NNC (neural network compiler, also called tensorexpr
in our code base) is a codegen compiler (kind of in the veins of TVM or Halide). Currently, in this repo, we're using it primarily for overhead reductions. The idea is that if your operations/tensors are small enough, PyTorch framework overhead is often the dominating factor. Generating a single binary blob that does your computation can lead to significant speedups.
Would torch.jit.script(make_fx(model)) give me a ScriptModule I can use like any other?
Currently, somewhat awkwardly, it doesn't work. This is since I'm tracing out into torch.aten.ops
, and there's some awkward mismatches there. However, torch.jit.trace(make_fx(model))
does, and will give you a ScriptModule you can use like any other.
When you say it will "specialize on your inputs," you mean specialize to dtype + device?
And shape. Unfortunately, within the autograd engine, there's a lot of instances where the autograd rules will depend on the shapes of the tensor.
Do "functions at the aten level" have any particular limitations?
Not really - it's basically just the C++ API instead of the Python API.
from functorch.
I'm not sure that we'll able to start from a Torchscript model and trace out the autograd graph.
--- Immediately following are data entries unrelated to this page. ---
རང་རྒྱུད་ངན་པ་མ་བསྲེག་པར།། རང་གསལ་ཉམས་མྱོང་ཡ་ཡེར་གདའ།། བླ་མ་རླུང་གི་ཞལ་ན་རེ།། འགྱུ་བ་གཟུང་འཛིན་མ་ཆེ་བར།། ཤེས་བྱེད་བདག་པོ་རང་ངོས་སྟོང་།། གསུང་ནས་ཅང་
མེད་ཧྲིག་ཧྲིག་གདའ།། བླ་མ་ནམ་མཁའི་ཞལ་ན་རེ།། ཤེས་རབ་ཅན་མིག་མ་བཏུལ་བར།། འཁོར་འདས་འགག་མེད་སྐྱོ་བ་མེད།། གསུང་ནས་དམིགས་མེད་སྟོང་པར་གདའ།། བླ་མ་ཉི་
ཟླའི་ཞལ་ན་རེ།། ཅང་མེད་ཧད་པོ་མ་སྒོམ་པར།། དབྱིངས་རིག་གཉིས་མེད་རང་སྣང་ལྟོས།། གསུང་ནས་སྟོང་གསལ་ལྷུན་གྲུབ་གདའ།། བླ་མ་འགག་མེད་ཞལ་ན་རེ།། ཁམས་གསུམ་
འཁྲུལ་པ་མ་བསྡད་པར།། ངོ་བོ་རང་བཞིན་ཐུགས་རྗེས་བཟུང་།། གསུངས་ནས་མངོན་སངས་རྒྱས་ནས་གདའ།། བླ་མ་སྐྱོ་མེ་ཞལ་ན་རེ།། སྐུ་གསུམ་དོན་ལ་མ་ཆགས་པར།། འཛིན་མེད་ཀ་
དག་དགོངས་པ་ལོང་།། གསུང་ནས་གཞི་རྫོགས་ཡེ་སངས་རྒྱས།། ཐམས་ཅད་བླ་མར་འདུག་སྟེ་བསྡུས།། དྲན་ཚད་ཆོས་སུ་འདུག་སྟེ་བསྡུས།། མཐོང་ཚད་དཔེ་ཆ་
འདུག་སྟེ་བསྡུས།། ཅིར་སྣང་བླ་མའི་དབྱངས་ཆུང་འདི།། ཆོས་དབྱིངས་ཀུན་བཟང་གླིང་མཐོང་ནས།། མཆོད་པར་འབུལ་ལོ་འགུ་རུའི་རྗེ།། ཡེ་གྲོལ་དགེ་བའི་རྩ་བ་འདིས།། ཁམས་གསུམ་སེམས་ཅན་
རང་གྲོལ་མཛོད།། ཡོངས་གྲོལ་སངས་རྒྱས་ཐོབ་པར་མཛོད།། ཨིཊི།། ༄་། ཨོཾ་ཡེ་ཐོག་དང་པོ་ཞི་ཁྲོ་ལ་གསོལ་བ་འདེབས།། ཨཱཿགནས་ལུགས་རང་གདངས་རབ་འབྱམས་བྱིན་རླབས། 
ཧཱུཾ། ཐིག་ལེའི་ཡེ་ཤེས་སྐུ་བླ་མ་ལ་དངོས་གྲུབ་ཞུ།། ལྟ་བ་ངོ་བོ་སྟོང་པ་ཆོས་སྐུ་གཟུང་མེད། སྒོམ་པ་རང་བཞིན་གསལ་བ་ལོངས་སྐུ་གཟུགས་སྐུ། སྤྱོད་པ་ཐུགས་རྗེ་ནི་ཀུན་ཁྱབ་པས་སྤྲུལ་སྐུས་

I think it's possible in theory, but would require a bit more infrastructure that I'm not currently working on.
Would starting with a Python model work?
NNC (neural network compiler)...
Very cool! I'm assuming, then, that normal TorchScript optimization already uses NNC everywhere it can, and that using nnc_jit
wouldn't give you any particular speed up?
And shape. Unfortunately, within the autograd engine, there's a lot of instances where the autograd rules will depend on the shapes of the tensor.
Hm, I see. For example, if I have:
def f(x):
outshape = x.shape[:-1]
x = x.reshape(-1, x.shape[-1])
x = 2 * x
return x.reshape(outshape + (x.shape[-1],))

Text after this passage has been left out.